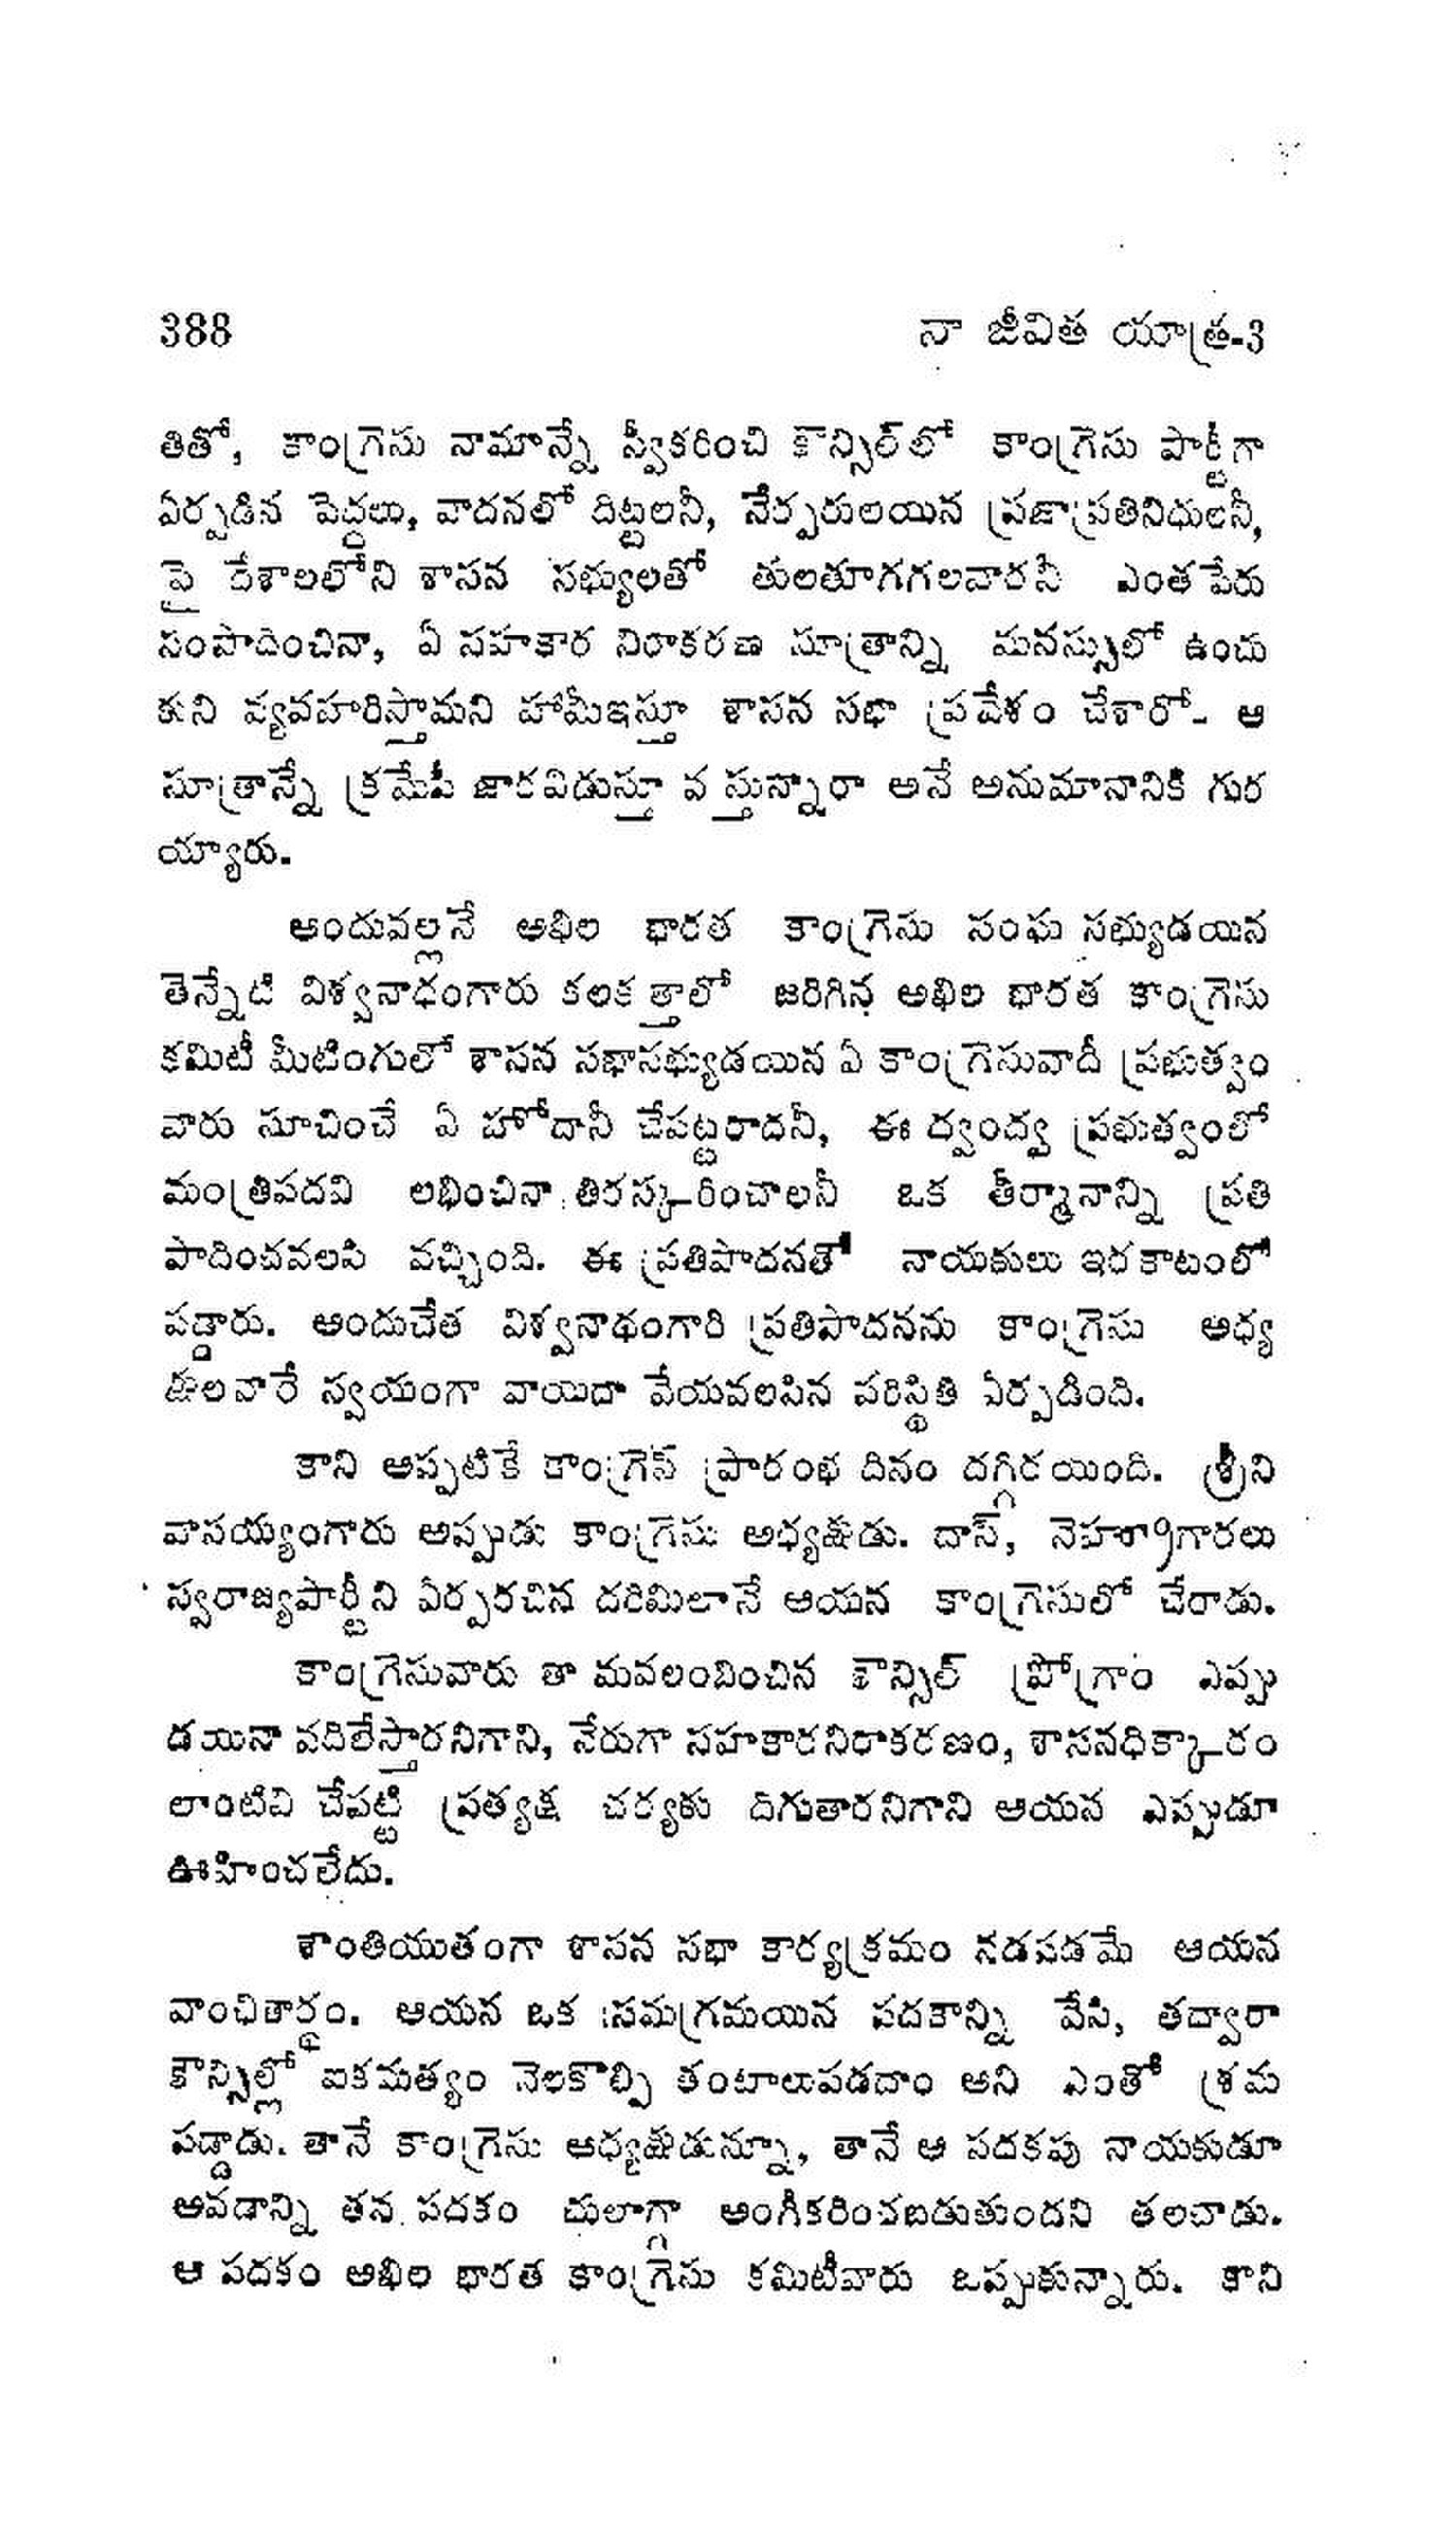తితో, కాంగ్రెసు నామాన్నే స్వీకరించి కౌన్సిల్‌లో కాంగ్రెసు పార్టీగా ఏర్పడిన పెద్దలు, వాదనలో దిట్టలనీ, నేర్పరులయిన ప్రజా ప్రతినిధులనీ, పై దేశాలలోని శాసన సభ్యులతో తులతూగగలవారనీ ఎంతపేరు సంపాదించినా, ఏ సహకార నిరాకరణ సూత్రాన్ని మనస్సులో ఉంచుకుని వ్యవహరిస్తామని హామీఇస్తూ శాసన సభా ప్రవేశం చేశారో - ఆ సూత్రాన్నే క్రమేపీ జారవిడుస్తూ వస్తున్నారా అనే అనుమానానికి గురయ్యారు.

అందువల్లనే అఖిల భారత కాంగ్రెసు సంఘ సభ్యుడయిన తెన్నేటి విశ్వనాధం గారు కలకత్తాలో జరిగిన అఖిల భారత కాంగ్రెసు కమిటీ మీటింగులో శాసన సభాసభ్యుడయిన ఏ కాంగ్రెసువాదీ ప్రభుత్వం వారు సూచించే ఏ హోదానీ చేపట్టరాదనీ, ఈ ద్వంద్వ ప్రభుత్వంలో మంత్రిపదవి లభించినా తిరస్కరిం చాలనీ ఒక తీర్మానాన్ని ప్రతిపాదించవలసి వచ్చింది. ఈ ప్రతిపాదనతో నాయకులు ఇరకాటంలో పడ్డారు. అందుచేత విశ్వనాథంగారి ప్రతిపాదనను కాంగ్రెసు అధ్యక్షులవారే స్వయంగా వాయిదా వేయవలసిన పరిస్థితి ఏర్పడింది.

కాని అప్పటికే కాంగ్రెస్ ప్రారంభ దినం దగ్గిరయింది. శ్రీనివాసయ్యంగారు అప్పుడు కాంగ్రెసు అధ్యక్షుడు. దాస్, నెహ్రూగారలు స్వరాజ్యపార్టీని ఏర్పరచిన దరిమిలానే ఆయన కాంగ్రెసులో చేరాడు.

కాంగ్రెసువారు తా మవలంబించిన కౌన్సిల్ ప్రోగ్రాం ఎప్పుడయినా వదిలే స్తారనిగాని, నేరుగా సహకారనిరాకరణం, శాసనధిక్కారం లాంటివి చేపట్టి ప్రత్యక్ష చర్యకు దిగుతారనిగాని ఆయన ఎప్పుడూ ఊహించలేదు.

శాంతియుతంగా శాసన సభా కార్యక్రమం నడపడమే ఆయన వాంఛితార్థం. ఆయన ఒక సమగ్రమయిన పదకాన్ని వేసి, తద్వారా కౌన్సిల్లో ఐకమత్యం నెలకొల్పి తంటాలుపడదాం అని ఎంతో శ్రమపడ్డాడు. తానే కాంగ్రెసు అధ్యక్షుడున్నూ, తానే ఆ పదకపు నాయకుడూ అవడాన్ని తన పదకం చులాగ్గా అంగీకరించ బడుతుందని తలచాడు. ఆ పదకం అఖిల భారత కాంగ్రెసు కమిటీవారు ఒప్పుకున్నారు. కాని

※ ※ ※

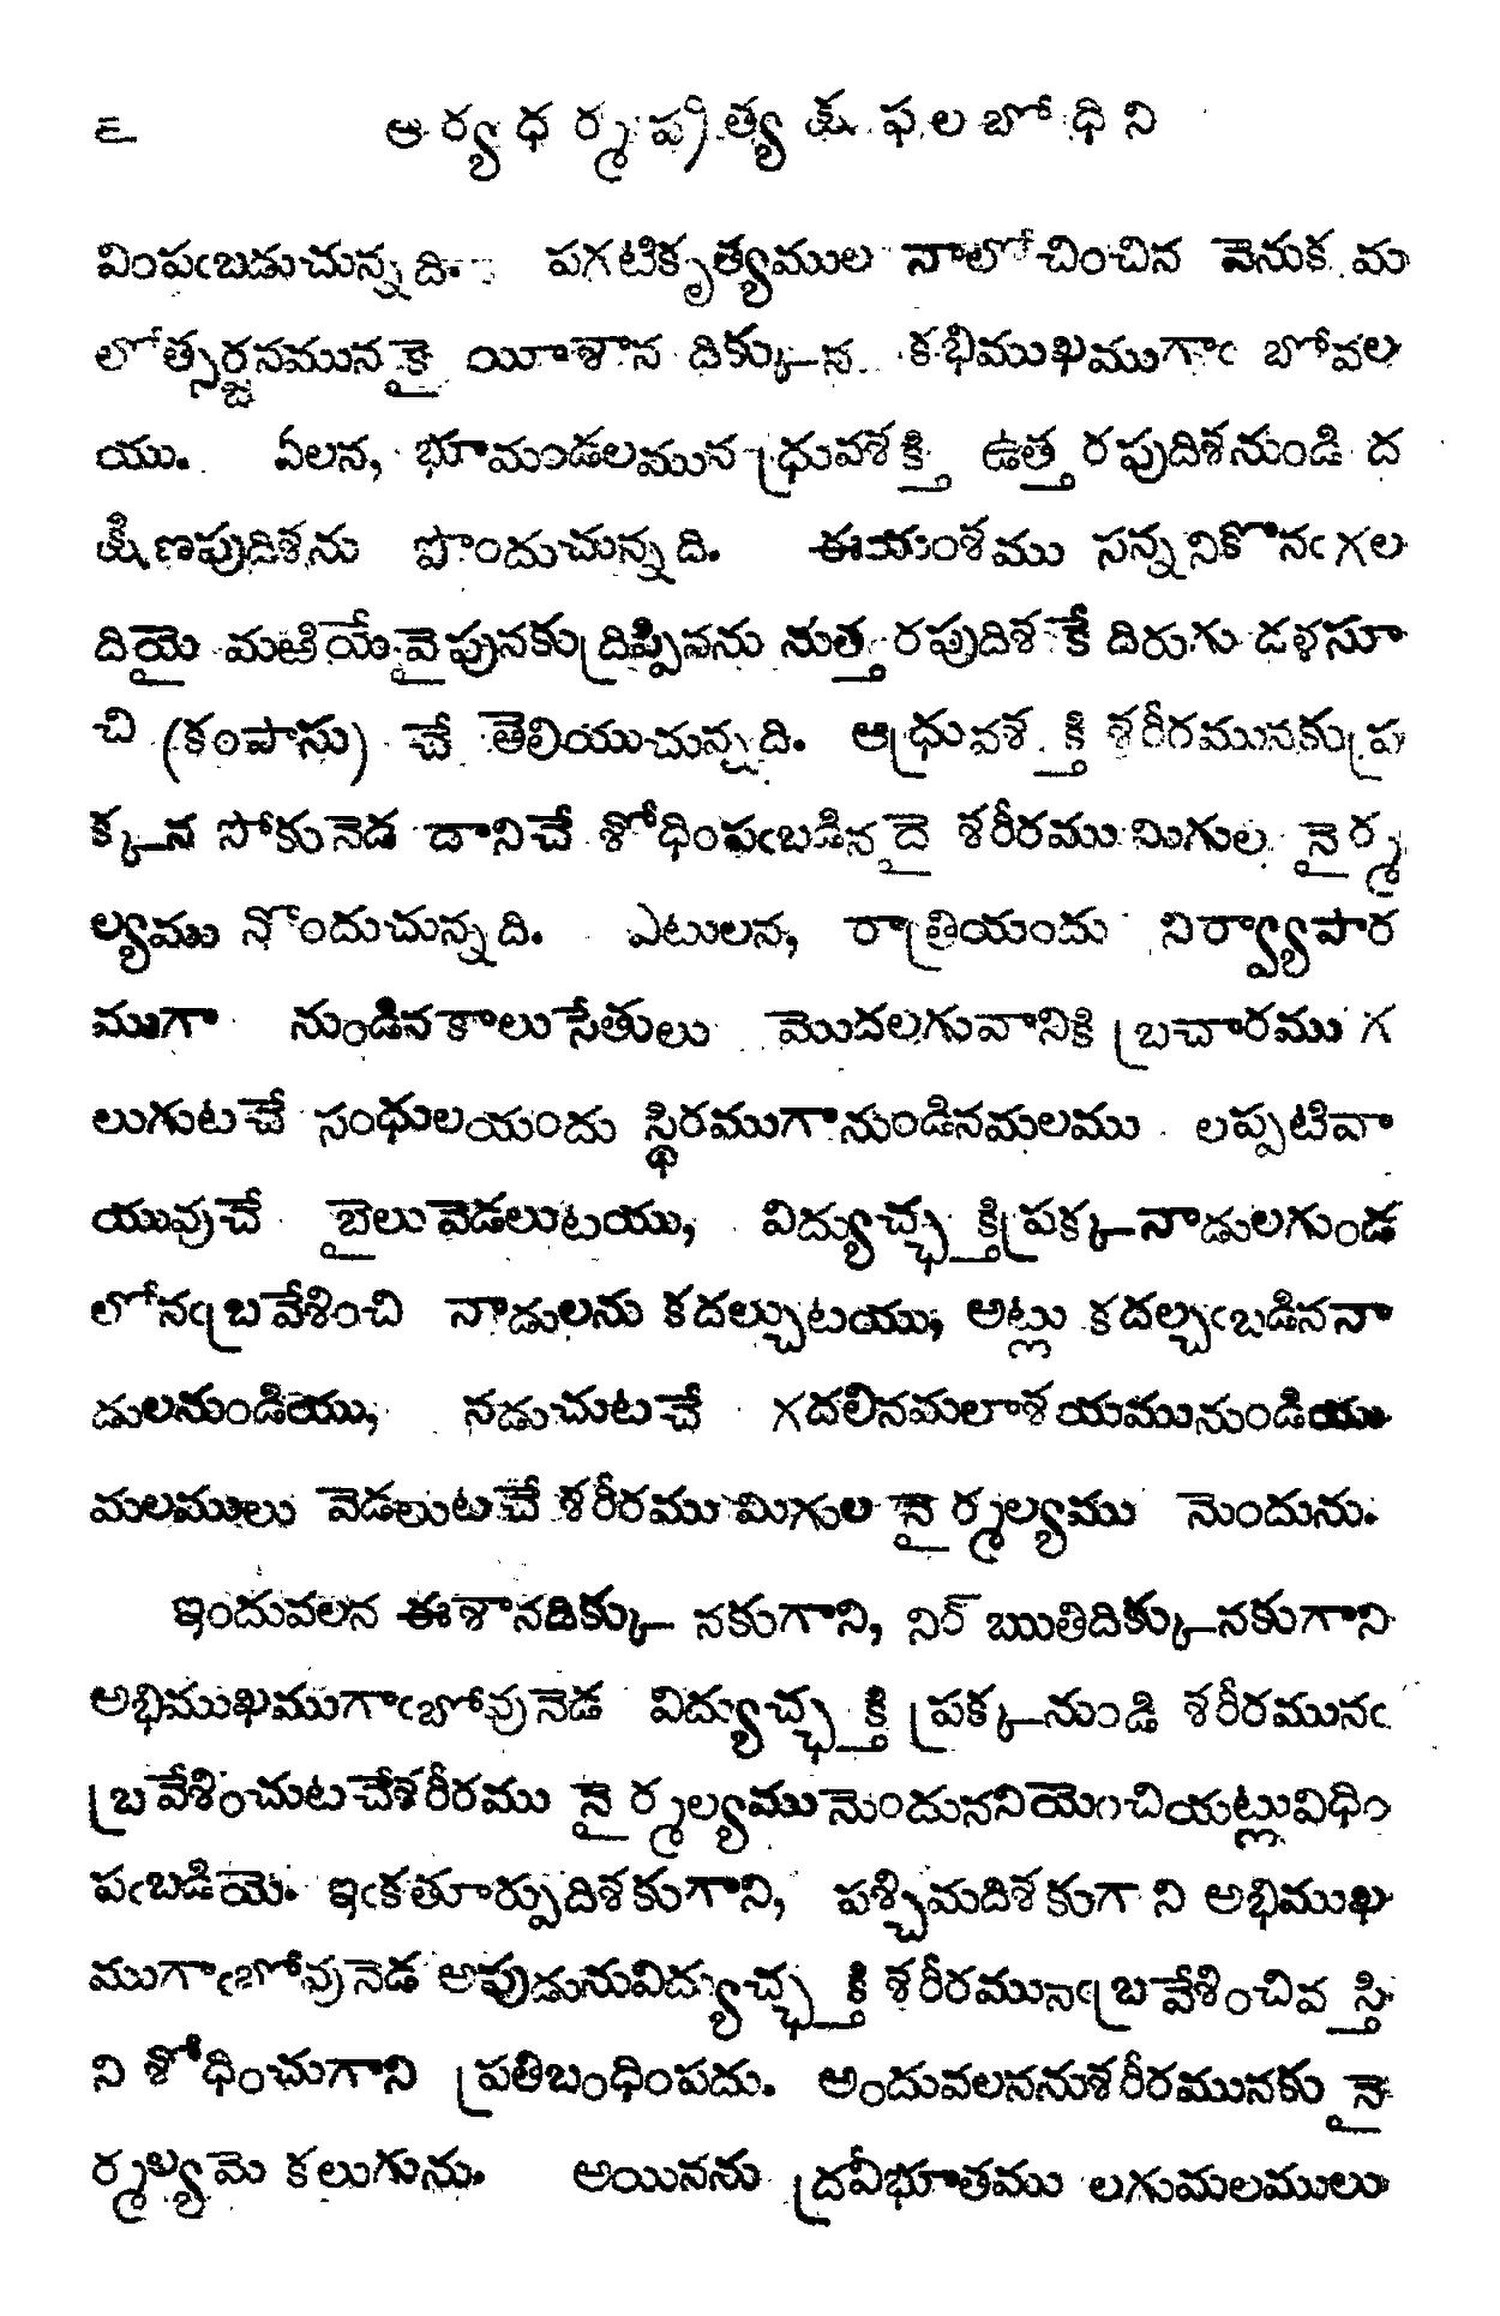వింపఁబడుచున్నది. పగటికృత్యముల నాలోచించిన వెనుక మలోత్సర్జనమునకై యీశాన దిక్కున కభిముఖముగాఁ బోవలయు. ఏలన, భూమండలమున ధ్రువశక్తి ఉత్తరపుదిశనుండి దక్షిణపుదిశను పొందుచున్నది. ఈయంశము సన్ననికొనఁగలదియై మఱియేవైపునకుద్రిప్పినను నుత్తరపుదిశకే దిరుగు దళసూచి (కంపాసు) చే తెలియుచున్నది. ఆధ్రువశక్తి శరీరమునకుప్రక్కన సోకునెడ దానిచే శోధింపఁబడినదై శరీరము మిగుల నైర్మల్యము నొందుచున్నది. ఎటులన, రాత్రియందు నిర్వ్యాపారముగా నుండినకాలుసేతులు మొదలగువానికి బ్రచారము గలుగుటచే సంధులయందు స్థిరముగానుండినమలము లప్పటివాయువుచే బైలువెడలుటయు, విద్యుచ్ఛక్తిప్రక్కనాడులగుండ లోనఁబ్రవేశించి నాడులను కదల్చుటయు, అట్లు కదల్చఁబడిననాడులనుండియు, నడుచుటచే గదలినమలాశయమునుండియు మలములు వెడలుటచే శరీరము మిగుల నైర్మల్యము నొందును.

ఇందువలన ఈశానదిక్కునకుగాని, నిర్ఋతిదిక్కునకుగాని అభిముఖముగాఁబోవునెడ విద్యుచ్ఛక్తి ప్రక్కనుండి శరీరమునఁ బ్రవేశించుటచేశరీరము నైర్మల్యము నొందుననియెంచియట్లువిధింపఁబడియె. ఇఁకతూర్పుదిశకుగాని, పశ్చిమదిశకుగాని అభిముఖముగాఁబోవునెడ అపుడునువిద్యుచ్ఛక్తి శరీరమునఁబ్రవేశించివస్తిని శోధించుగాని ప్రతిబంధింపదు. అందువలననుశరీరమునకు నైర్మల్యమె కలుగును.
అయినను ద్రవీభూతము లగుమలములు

※ ※ ※

- [TASK]: Word for word, restate the lines of the data above that fall between the line holding "కాని అప్పటికే కాంగ్రెస్" and the line holding "కాంగ్రెసువారు తా మవలంబించిన", inclusive, and no other lines.

- [REPLY TO THE TASK]:
కాని అప్పటికే కాంగ్రెస్ ప్రారంభ దినం దగ్గిరయింది. శ్రీనివాసయ్యంగారు అప్పుడు కాంగ్రెసు అధ్యక్షుడు. దాస్, నెహ్రూగారలు స్వరాజ్యపార్టీని ఏర్పరచిన దరిమిలానే ఆయన కాంగ్రెసులో చేరాడు.

కాంగ్రెసువారు తా మవలంబించిన కౌన్సిల్ ప్రోగ్రాం ఎప్పుడయినా వదిలే స్తారనిగాని, నేరుగా సహకారనిరాకరణం, శాసనధిక్కారం లాంటివి చేపట్టి ప్రత్యక్ష చర్యకు దిగుతారనిగాని ఆయన ఎప్పుడూ ఊహించలేదు.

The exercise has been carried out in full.